Aim of the exercise:
All of the lines below should be copied word for word.

Records contained in a dataset
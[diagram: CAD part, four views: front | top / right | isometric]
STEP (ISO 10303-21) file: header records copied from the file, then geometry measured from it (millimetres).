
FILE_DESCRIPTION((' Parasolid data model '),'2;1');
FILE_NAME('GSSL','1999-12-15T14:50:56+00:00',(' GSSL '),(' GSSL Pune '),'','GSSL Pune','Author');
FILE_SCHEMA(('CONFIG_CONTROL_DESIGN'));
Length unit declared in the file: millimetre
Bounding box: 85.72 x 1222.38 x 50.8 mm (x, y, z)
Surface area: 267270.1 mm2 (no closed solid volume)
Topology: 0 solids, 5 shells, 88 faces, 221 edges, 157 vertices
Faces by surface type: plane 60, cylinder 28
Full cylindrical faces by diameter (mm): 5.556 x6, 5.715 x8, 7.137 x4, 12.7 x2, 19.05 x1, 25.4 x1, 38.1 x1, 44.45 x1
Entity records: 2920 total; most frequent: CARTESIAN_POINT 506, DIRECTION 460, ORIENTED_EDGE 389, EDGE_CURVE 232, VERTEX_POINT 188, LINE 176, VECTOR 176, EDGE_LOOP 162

Response to this task:
[diagram: CAD part, four views: front | top / right | isometric]
STEP (ISO 10303-21) file: header records copied from the file, then geometry measured from it (millimetres).
FILE_DESCRIPTION((' Parasolid data model '),'2;1');
FILE_NAME('GSSL','1999-12-15T14:50:56+00:00',(' GSSL '),(' GSSL Pune '),'','GSSL Pune','Author');
FILE_SCHEMA(('CONFIG_CONTROL_DESIGN'));
Length unit declared in the file: millimetre
Bounding box: 85.72 x 1222.38 x 50.8 mm (x, y, z)
Surface area: 267270.1 mm2 (no closed solid volume)
Topology: 0 solids, 5 shells, 88 faces, 221 edges, 157 vertices
Faces by surface type: plane 60, cylinder 28
Full cylindrical faces by diameter (mm): 5.556 x6, 5.715 x8, 7.137 x4, 12.7 x2, 19.05 x1, 25.4 x1, 38.1 x1, 44.45 x1
Entity records: 2920 total; most frequent: CARTESIAN_POINT 506, DIRECTION 460, ORIENTED_EDGE 389, EDGE_CURVE 232, VERTEX_POINT 188, LINE 176, VECTOR 176, EDGE_LOOP 162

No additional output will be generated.